Always good when someone shores up the ranks of blogging actuaries, so welcome to Todd Bault! I guess he’s been posting awhile, but I seemed to have missed his earlier work.
Todd is well-known in the actuarial community for being one of the leading insurance industry analysts, and he’s posting as part of the lineup at Sector & Sovereign Research’s blog.
Todd’s advancing a controversial idea – that insurance capital is not the ‘supply’ in the industry’s supply/demand equations. Controversial because most people will tell you that the price of insurance varies inversely with the amount of capital in the industry.
When insurers have lots of capital, the thinking goes, they are eager to write lots of business. Hence the price of insurance goes down.
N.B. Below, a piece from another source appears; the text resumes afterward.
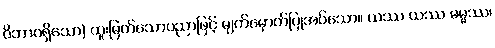
ဝိဘာဂရှိသော) ထူးမြတ်သောပညာဖြင့် မျက်မှောက်ပြုအပ်သော။ ယဿ ယဿ ဓမ္မဿ၊

When capital is scarce – think of the losses from the World Trade Center paired with a loss of capital from the bursting of the dot-com bubble – prices rise.
To summarize his thinking: Loss trends would drive accident year loss ratios ever higher, except for rate change (and catastrophes, which he accounts for). So if you back out loss trends, any year-to-year movement in loss ratios will reflect rate changes. Then he notes that premium growth = exposure growth * rate change.
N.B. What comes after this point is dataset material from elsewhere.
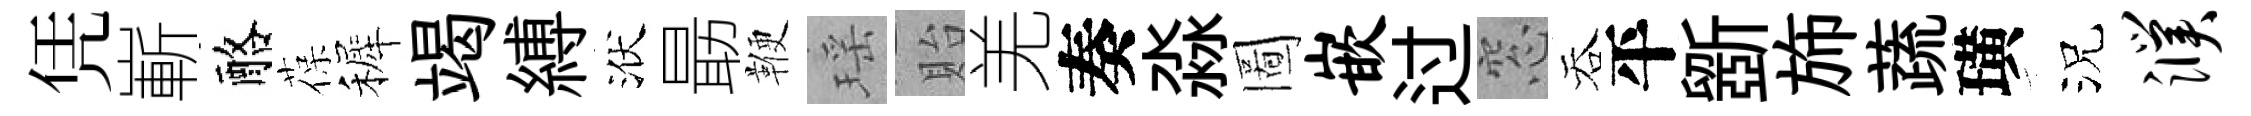
凭嶄酪葆裤竭縛洑朂鞭瑶貽羌奏淼圖嵌过窓吞平斵斾蔬璜況濮

Having estimated rate change and exposure change, he graphs one against the other:
To prove this is difficult. At the macro level, data is thin, so his analysis is driven by the kind of squinting you do when you look out the window of a plane at 30,000 feet – you can’t make out much in detail. But since you are operating at a high level, imperfect information will generally be good enough.
So his key assumption – that change in CPI serves as a good proxy for loss trend – will seem outrageous to most actuaries. Essentially he implies that claim frequency doesn’t change over time (though it has). But given his data limitations, it’s reasonable.
And he has what looks like a nice supply curve mapping data from 1980 to 2010:
As you can see, this graph has the “right” relationship: a downward-sloping line reflecting the negative correlation one would expect for supply & demand. It’s not a 95% R-squared, but I wouldn’t expect it to be. It just has the expected relationship, without any other unnecessary assumptions.
It would even slope downward if it were modeled the way most economists do – measuring price vs supply with price on the y-axis (instead of change in price vs. change in supply with price on the x-axis).
But I think the negative correlation is an inevitable result of the formula used to calculate exposure growth
premium growth = price change * exposure growth
The formula, I think, requires price and exposure to be negatively correlated. For example, if premium didn’t grow, premium growth would be a constant of 1.00. If price change was positive, exposure change would necessarily be negative, and vice versa.
Of course, premium growth isn’t zero. It follows GDP over the long term. Nominal annual GDP growth from 1980 to 2010 is about 5%, so absent any data, we’d expect an exhibit like the one above to be a negatively sloped line with a y intercept around 5%, which it is.
I don’t think this means the underlying analysis is wrong, just that the negative correlation isn’t as meaningful as portrayed.